O complexo militar industrial e a energia núclear

Rui Namorado Rosa

O reprocessamento de combustível irradiado descarregado dos reactores é absolutamente necessário para disponibilizar combustível (reciclado ou convertido) em quantidade bastante para fazer da energia nuclear uma alternativa duradoura aos combustíveis fósseis; todavia poucos países procedem ao reprocessamento do combustível.
Esta situação irracional é de explicação complexa, mas não será separável da origem da indústria nuclear, desenvolvida para fins militares, no seio do complexo militar-industrial.

O COMPLEXO MILITAR INDUSTRIAL
É geralmente reconhecido que o termo “complexo militar-industrial” foi introduzido pelo general Dwight Eisenhower no seu discurso de despedida como presidente dos EUA, em 1961. As suas palavras parecem caracterizar a transformação económica e política então em curso, de que tinha profundo conhecimento decorrente das experiencias e responsabilidades assumidas nos cargos militares e políticos que exercera. É essencialmente a afirmação categórica de uma doutrina militarista, mas com precauções de ordem moral ou talvez táctica. Recordemos:
«…Até este último conflito mundial, os Estados Unidos não tinham indústria de armamentos. Os fabricantes americanos de arados poderiam, com tempo e se necessário, fazer igualmente espadas. Mas agora não podemos mais arriscar improvisar a emergência da defesa nacional; fomos obrigados a criar uma indústria de armamentos permanente e de vastas proporções. Somado a isso, três milhões e meio de homens e mulheres estão directamente envolvidos em instituições de defesa. Gastamos anualmente em segurança militar mais do que o lucro líquido de todas as corporações dos Estados Unidos.
Esta conjunção de um imenso estabelecimento militar e uma grande indústria de armamentos é nova na experiência americana. Essa influência total - económica, política, mesmo espiritual - é sentida em cada cidade, cada capital de Estado, todos os serviços do governo Federal. Reconhecemos a necessidade imperativa deste desenvolvimento. Contudo, não podemos deixar de compreender as suas graves implicações. Nossos trabalhos, recursos e meios de subsistência estão todos envolvidos; assim é a própria estrutura da nossa sociedade.

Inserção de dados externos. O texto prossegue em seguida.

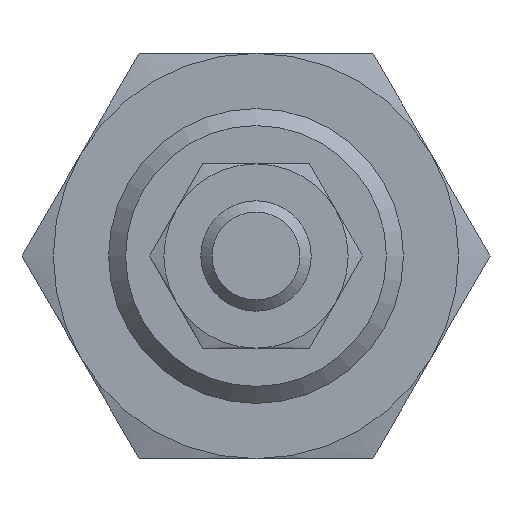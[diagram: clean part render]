
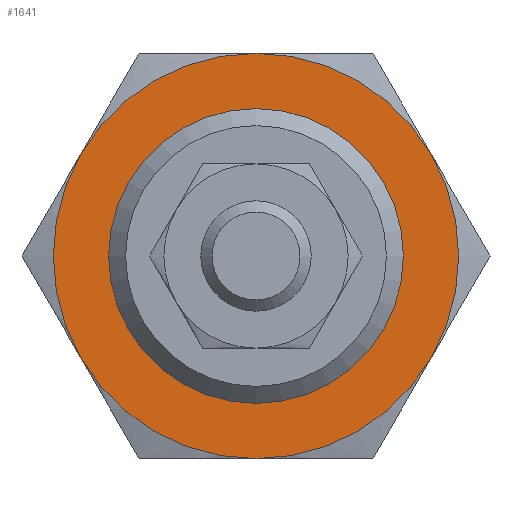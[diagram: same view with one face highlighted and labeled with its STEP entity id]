
A CAD part, left-side view. The second image highlights one B-rep face of the part: STEP entity #1641.
In plain terms, the highlighted planar face has unit normal (-1, 0, 0).
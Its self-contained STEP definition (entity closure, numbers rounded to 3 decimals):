
#243=PLANE('',#1887);
#317=CIRCLE('',#1878,11.);
#318=CIRCLE('',#1880,11.);
#319=CIRCLE('',#1882,11.);
#320=CIRCLE('',#1884,11.);
#321=CIRCLE('',#1886,11.);
#322=CIRCLE('',#1888,11.);
#323=CIRCLE('',#1889,8.);
#642=ORIENTED_EDGE('',*,*,#940,.F.);
#643=ORIENTED_EDGE('',*,*,#942,.F.);
#644=ORIENTED_EDGE('',*,*,#945,.F.);
#645=ORIENTED_EDGE('',*,*,#948,.F.);
#646=ORIENTED_EDGE('',*,*,#935,.F.);
#647=ORIENTED_EDGE('',*,*,#936,.F.);
#648=ORIENTED_EDGE('',*,*,#949,.T.);
#935=EDGE_CURVE('',#1111,#1109,#317,.T.);
#936=EDGE_CURVE('',#1112,#1111,#318,.T.);
#940=EDGE_CURVE('',#1115,#1112,#319,.T.);
#942=EDGE_CURVE('',#1116,#1115,#320,.T.);
#945=EDGE_CURVE('',#1118,#1116,#321,.T.);
#948=EDGE_CURVE('',#1109,#1118,#322,.T.);
#949=EDGE_CURVE('',#1120,#1120,#323,.T.);
#1109=VERTEX_POINT('',#2873);
#1111=VERTEX_POINT('',#2879);
#1112=VERTEX_POINT('',#2883);
#1115=VERTEX_POINT('',#2899);
#1116=VERTEX_POINT('',#2907);
#1118=VERTEX_POINT('',#2919);
#1120=VERTEX_POINT('',#2932);
#1315=EDGE_LOOP('',(#642,#643,#644,#645,#646,#647));
#1316=EDGE_LOOP('',(#648));
#1467=FACE_BOUND('',#1315,.T.);
#1468=FACE_BOUND('',#1316,.T.);
#1641=ADVANCED_FACE('',(#1467,#1468),#243,.F.);
#1878=AXIS2_PLACEMENT_3D('',#2880,#2263,#2264);
#1880=AXIS2_PLACEMENT_3D('',#2882,#2267,#2268);
#1882=AXIS2_PLACEMENT_3D('',#2900,#2271,#2272);
#1884=AXIS2_PLACEMENT_3D('',#2906,#2275,#2276);
#1886=AXIS2_PLACEMENT_3D('',#2918,#2279,#2280);
#1887=AXIS2_PLACEMENT_3D('',#2929,#2281,#2282);
#1888=AXIS2_PLACEMENT_3D('',#2930,#2283,#2284);
#1889=AXIS2_PLACEMENT_3D('',#2931,#2285,#2286);
#2263=DIRECTION('',(1.,0.,0.));
#2264=DIRECTION('',(0.,0.,-1.));
#2267=DIRECTION('',(1.,0.,0.));
#2268=DIRECTION('',(0.,0.,-1.));
#2271=DIRECTION('',(1.,0.,0.));
#2272=DIRECTION('',(0.,0.,-1.));
#2275=DIRECTION('',(1.,0.,0.));
#2276=DIRECTION('',(0.,0.,-1.));
#2279=DIRECTION('',(1.,0.,0.));
#2280=DIRECTION('',(0.,0.,-1.));
#2281=DIRECTION('',(1.,0.,0.));
#2282=DIRECTION('',(0.,0.,-1.));
#2283=DIRECTION('',(1.,0.,0.));
#2284=DIRECTION('',(0.,0.,-1.));
#2285=DIRECTION('',(1.,0.,0.));
#2286=DIRECTION('',(0.,0.,-1.));
#2873=CARTESIAN_POINT('',(0.,-9.526,5.5));
#2879=CARTESIAN_POINT('',(0.,0.,11.));
#2880=CARTESIAN_POINT('',(0.,0.,0.));
#2882=CARTESIAN_POINT('',(0.,0.,0.));
#2883=CARTESIAN_POINT('',(0.,9.526,5.5));
#2899=CARTESIAN_POINT('',(0.,9.526,-5.5));
#2900=CARTESIAN_POINT('',(0.,0.,0.));
#2906=CARTESIAN_POINT('',(0.,0.,0.));
#2907=CARTESIAN_POINT('',(0.,0.,-11.));
#2918=CARTESIAN_POINT('',(0.,0.,0.));
#2919=CARTESIAN_POINT('',(0.,-9.526,-5.5));
#2929=CARTESIAN_POINT('',(0.,0.,0.));
#2930=CARTESIAN_POINT('',(0.,0.,0.));
#2931=CARTESIAN_POINT('',(0.,0.,0.));
#2932=CARTESIAN_POINT('',(0.,0.,-8.));

Nos conselhos de ministros, temos de nos precaver contra a aquisição de influência indevida, intencional ou não, pelo complexo militar-industrial. O potencial para a ascensão desastrosa de um poder indevido existe e vai persistir. Devemos impedir que o peso desse complexo alguma vez coloque em perigo nossas liberdades ou processos democráticos. Não podemos tomar nada por garantido…»
E também oportunamente identificou a relevância que nessa época simultaneamente adquirira a “revolução científica e técnica”, e como esta fora apropriada pelo referido complexo militar-industrial:
«…Semelhantemente, e com larga responsabilidade nas mudanças radicais da nossa postura industrial e militar, tem sido a revolução tecnológica verificada ao longo das décadas recentes. A investigação tornou-se central, também mais formalizada, complexa e dispendiosa. E uma parcela em constante crescimento é executada para o governo Federal, por este, ou por determinação deste…»

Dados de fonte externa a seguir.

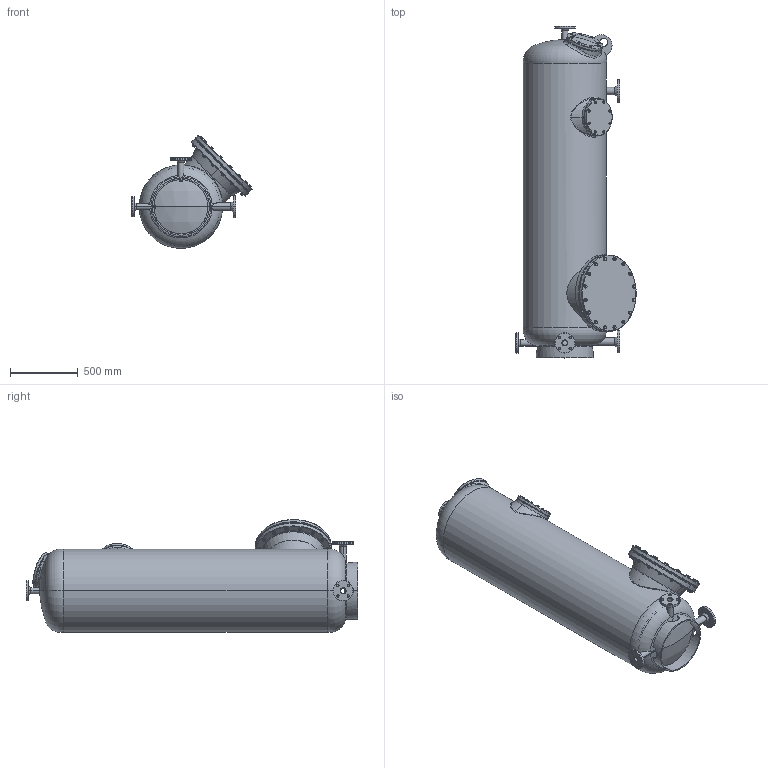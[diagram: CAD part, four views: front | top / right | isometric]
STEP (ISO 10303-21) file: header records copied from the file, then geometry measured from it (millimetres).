
FILE_DESCRIPTION (( 'STEP AP214' ), '1' );
FILE_NAME ('mediterran60c.STEP', '2020-11-03T12:41:28', ( '' ), ( '' ), 'SwSTEP 2.0', 'SolidWorks 2019', '' );
FILE_SCHEMA (( 'AUTOMOTIVE_DESIGN' ));
Length unit declared in the file: millimetre
Products named in the file (1): mediterran60c
Bounding box: 885.73 x 2450 x 832.22 mm (x, y, z)
Surface area: 11401288.9 mm2 (no closed solid volume)
Topology: 0 solids, 125 shells, 1888 faces, 4199 edges, 2563 vertices
Faces by surface type: cone 608, cylinder 579, plane 566, torus 106, bspline 16, sphere 13
Entity records: 95904 total; most frequent: CARTESIAN_POINT 32502, DIRECTION 8808, ORIENTED_EDGE 8270, EDGE_CURVE 4167, AXIS2_PLACEMENT_3D 3779, VERTEX_POINT 2563, EDGE_LOOP 2252, UNCERTAINTY_MEASURE_WITH_UNIT 1999

Assim registamos o testemunho de como o grande capital tomou a sinistra oportunidade da guerra para lançar mão sobre os cofres do estado e ganhar acrescida influência na sua direcção política. O projecto Manhattan, que em menos de quatro anos permitiu criar as bases da indústria nuclear e fabricar duas bombas que seriam testadas sobre cidades japonesas, já praticamente no fim da guerra em Agosto de 1945, é o exemplo máximo dessa profunda, rápida e perigosíssima transformação.

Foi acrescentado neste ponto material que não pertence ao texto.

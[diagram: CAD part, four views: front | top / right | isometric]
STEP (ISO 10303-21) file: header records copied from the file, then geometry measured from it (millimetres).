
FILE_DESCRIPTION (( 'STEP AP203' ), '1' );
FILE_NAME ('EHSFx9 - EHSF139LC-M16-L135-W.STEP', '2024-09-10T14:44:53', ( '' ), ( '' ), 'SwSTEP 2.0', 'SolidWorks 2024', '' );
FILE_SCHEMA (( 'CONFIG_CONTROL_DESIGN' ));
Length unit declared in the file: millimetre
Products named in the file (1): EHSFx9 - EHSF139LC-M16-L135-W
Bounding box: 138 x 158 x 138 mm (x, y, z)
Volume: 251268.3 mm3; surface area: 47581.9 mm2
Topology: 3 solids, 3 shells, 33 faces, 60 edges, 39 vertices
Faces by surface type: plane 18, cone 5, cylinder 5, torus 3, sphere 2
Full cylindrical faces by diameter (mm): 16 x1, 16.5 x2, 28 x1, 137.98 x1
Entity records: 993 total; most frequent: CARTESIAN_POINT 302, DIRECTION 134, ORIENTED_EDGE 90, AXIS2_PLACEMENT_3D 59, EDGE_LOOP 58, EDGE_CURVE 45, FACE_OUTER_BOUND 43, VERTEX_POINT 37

Decorreu meio século sobre esse discurso de Eisenhower.
A descoberta científica e a inovação tecnológica alargou ainda muito mais o horizonte em que o capital pode e consegue instalar a sua influência económica e política. A concentração do capital conferiu acrescido peso aos oligopólios que de facto comandam sectores industriais inteiros, que enquanto transnacionais abarcam como polvos o mundo inteiro, e persuadem ou impõem a sua vontade aos governos de estados dominadores ou dominados.
AS CORPORAÇÕES ARMAMENTISTAS
A lista das 100 maiores corporações produtoras de armamento, compilada pelo Instituto Internacional de Investigação para a Paz de Estocolmo (SIPRI), é uma fonte de reflexão. Essas 100 corporações controlam mais 20 outras subsidiárias, aí também listadas. Concretamente estas grandes empresas fabricam armas ligeiras e munições, artilharia, mísseis, veículos militares, serviços especializados, aviões, navios, satélites, equipamentos electrónicos, motores, e componentes diversos a serem integrados em equipamentos militares.
As suas vendas totais somaram 1543 mil milhões de US$ em 2009, sendo que só as vendas de armamentos somaram 457 mil milhões de US$ (cerca de 30%). E não obstante a crise financeira, nesse universo de 120 corporações as vendas totais não diminuíram de 2008 para 2009.
As 20 maiores delas (em volume de vendas) somaram 300 mil milhões em vendas de armamentos, enquanto que as 100 restantes somaram 157 mil milhões, indicando um elevadíssimo grau de concentração na produção e venda para fins militares. Os países em que essas corporações estão sedeadas são EUA (14), Reino Unido e França (2 cada) e Itália e Países Baixos (1 cada).
Se consultarmos a lista ‘Forbes 2000’, publicada em 2010, das duas mil maiores empresas do mundo cotadas em bolsa, classificadas no sector “Aeroespacial e Defesa” constam 21 corporações, com um total de vendas 448 mil milhões US$ (em 2009). Estão elas sedeadas nos EUA (9), Reino Unido e França (3 cada), Itália e Países Baixos (1 cada) e ainda Canadá, Singapura e Brasil (1 cada). Seguindo critério de classificação diferente dos do SIPRI, os resultados da Forbes não diferem muito, mas complementam a informação.
Ao longo de meio século subsequente ao discurso de Eisenhower, o complexo militar industrial permaneceu e reforçou-se, a par de outras formas de assumpção do poder absoluto pelo capital industrial e financeiro. Mas há mudanças e nuances que importa destacar.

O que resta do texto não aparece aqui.